**INPUT RECORDS**
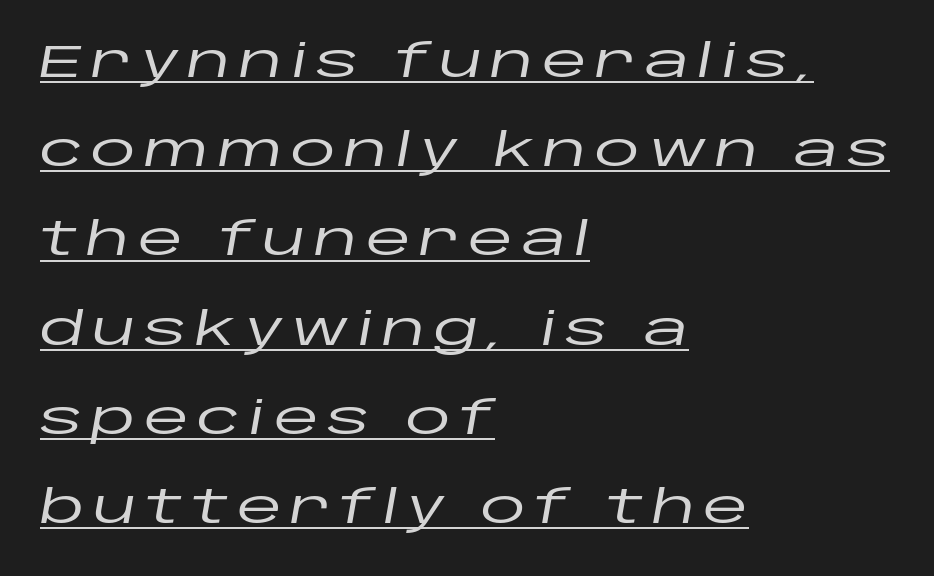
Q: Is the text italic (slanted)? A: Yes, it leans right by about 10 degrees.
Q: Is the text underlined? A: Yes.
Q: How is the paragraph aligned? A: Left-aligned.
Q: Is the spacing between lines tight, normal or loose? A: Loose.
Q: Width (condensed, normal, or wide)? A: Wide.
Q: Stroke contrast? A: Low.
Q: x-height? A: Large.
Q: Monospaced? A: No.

* * *

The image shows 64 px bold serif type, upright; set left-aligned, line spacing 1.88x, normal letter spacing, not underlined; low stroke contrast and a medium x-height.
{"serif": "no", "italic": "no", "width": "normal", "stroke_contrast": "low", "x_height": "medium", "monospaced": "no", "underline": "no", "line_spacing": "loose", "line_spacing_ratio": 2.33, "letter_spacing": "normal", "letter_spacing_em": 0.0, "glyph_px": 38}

**REQUIREMENT**
Output the lines of the records above exactly as they appear, from the line containing "Q: Is the spacing" through the line containing "Q: Monospaced? A: No.".

**EXERCISE RESULT**
Q: Is the spacing between lines tight, normal or loose? A: Loose.
Q: Width (condensed, normal, or wide)? A: Wide.
Q: Stroke contrast? A: Low.
Q: x-height? A: Large.
Q: Monospaced? A: No.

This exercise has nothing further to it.